代办国外大学文凭《原版美国UCLA文凭证书》加州大学洛杉矶分校毕业证制作成绩单修改atducpo

High Class Call Girls Noida Sector 39 Aarushi 🔝8264348440🔝 Independent Escort...soniya singh

B2 Creative Industry Response Evaluation.docxStephen266013

Customer Service Analytics - Make Sense of All Your Data.pptxEmmanuel Dauda

Recently uploaded (20)

VIP High Class Call Girls Jamshedpur Anushka 8250192130 Independent Escort Se...

Call Girls In Noida City Center Metro 24/7✡️9711147426✡️ Escorts Service

Delhi Call Girls Punjabi Bagh 9711199171 ☎✔👌✔ Whatsapp Hard And Sexy Vip Call

100-Concepts-of-AI by Anupama Kate .pptx

Saket, (-DELHI )+91-9654467111-(=)CHEAP Call Girls in Escorts Service Saket C...

Indian Call Girls in Abu Dhabi O5286O24O8 Call Girls in Abu Dhabi By Independ...

From idea to production in a day – Leveraging Azure ML and Streamlit to build...
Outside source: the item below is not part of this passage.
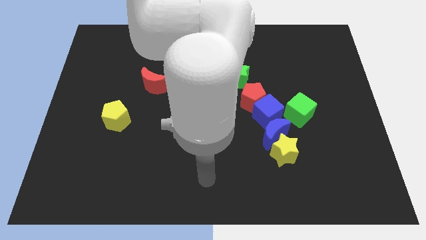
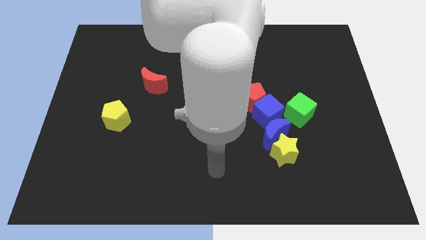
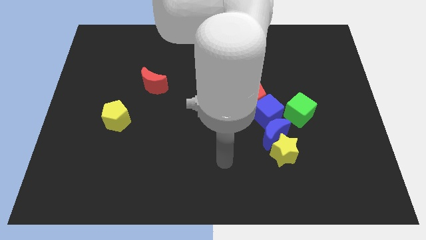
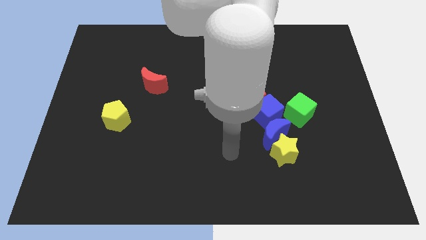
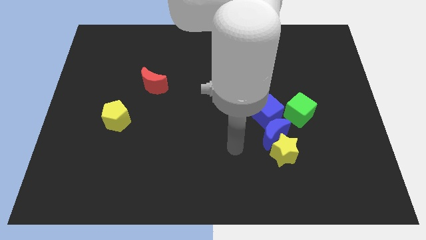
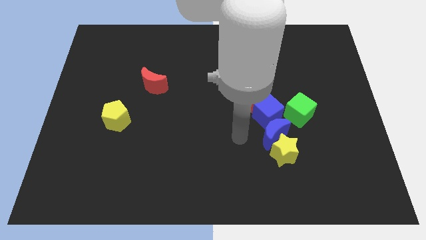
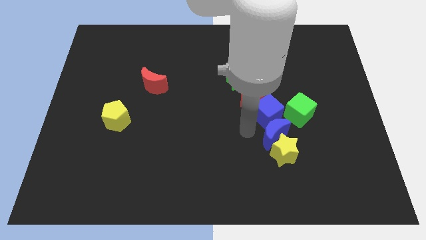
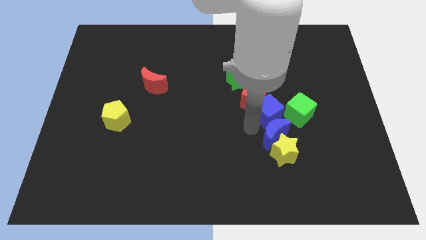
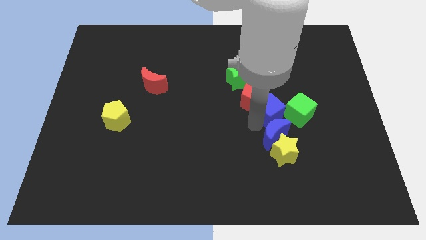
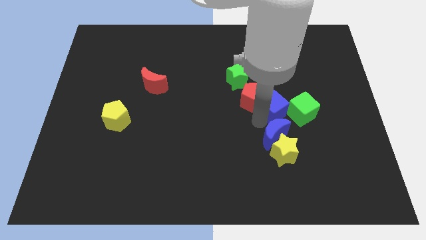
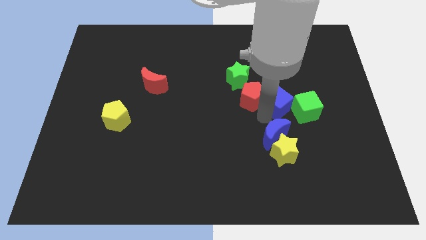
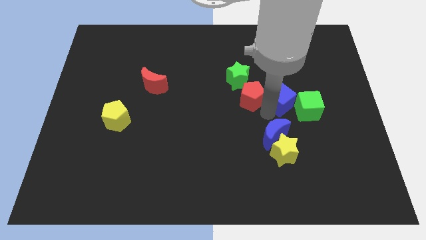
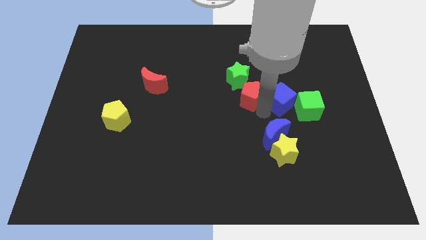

PKS-TGC-1084-630 - Stage 1 Proposal.pptx

RadioAdProWritingCinderellabyButleri.pdf

04242024_CCC TUG_Joins and Relationships

Data Science Jobs and Salaries Analysis.pptx

Ukraine War presentation: KNOW THE BASICS

Building on a FAIRly Strong Foundation to Connect Academic Research to Transl...

Unveiling Insights: The Role of a Data Analyst

Brighton SEO | April 2024 | Data Storytelling

E-Commerce Order PredictionShraddha Kamble.pptx

代办国外大学文凭《原版美国UCLA文凭证书》加州大学洛杉矶分校毕业证制作成绩单修改

High Class Call Girls Noida Sector 39 Aarushi 🔝8264348440🔝 Independent Escort...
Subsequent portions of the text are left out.